14. The pharmaceutical composition according to claim 9, wherein said composition is in subcutaneous dosage form.

15. The pharmaceutical composition according to claim 9, wherein said composition is in an injectable dosage form.

16. The pharmaceutical composition according to claim 15, wherein said injectable dosage form is a member selected from the group consisting of a subcutaneous dosage form and a depot dosage form.

17. The pharmaceutical composition according to claim 14, wherein said composition is in an implantable form.

18. A method of preventing, treating and delaying disease progression of vascular disease in a mammal, comprising the step of administering to said mammal a pharmaceutical composition according to claim 9.

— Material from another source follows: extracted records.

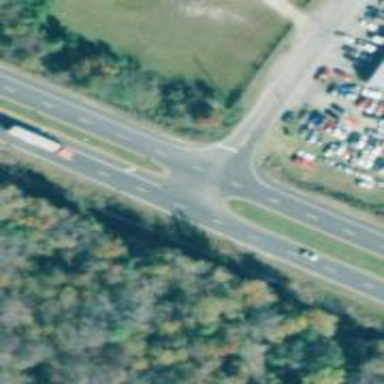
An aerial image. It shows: Asphalt road classified as trunk highway.
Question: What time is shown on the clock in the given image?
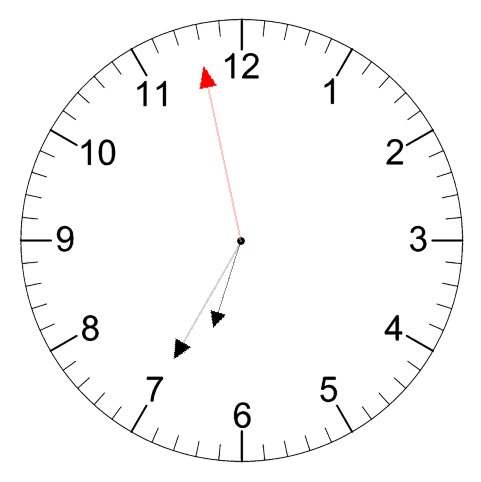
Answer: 06:34:58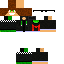
A male human skin with medium skin, wearing brown long hair dressed in a blue hoodie and black pants, featuring a closed mouth.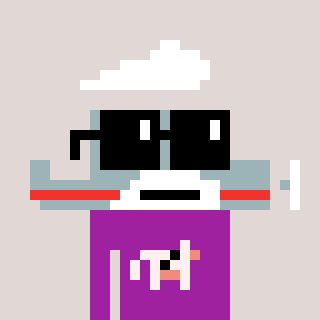
a pixel art character with square black sunglasses, a plane-shaped head and a magenta-colored body on a warm background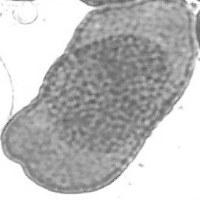
Label: prophase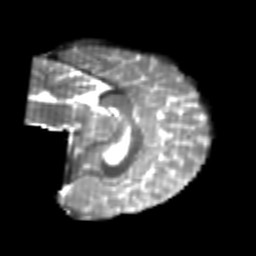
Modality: T2w
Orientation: sagittal
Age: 21
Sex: female
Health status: healthy
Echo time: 0.074 s

19. The method according to claim 18, wherein the administering step is continuous.

20. The method according to claim 18, wherein the administering step is carried out using a transdermal patch.

21. The method according to claim 18, wherein the administering step is carried out using an oral dosage form.

22. The method according to claim 18, wherein the administering step is carried out using an injectable dosage form.

23. The method according to claim 18, wherein the administering step is carried out using a subcutaneous dosage form.

24. A method of treating, inhibiting or preventing vascular disease in a mammal by reducing PAI-1 expression in said mammal, comprising the step of administering to said mammal an effective amount of a Vitamin D receptor activator or Vitamin D analog.

25. The method according to claim 24, wherein said Vitamin D receptor activator is paricalcitol or calcitriol.

26. The method according to claim 24, wherein said Vitamin D analog is doxercalciferol or alfacalcidol.

27. A method of treating, inhibiting or preventing thrombosis in a mammal in need of said treatment, inhibition or prevention, comprising the step of administering to said mammal an effective amount of a Vitamin D receptor activator or Vitamin D analog.

28. The method according to claim 27, wherein said Vitamin D receptor. activator is paricalcitol or calcitriol.

29. The method according to claim 27, wherein said Vitamin D analog is doxercalciferol or alfacalcidol.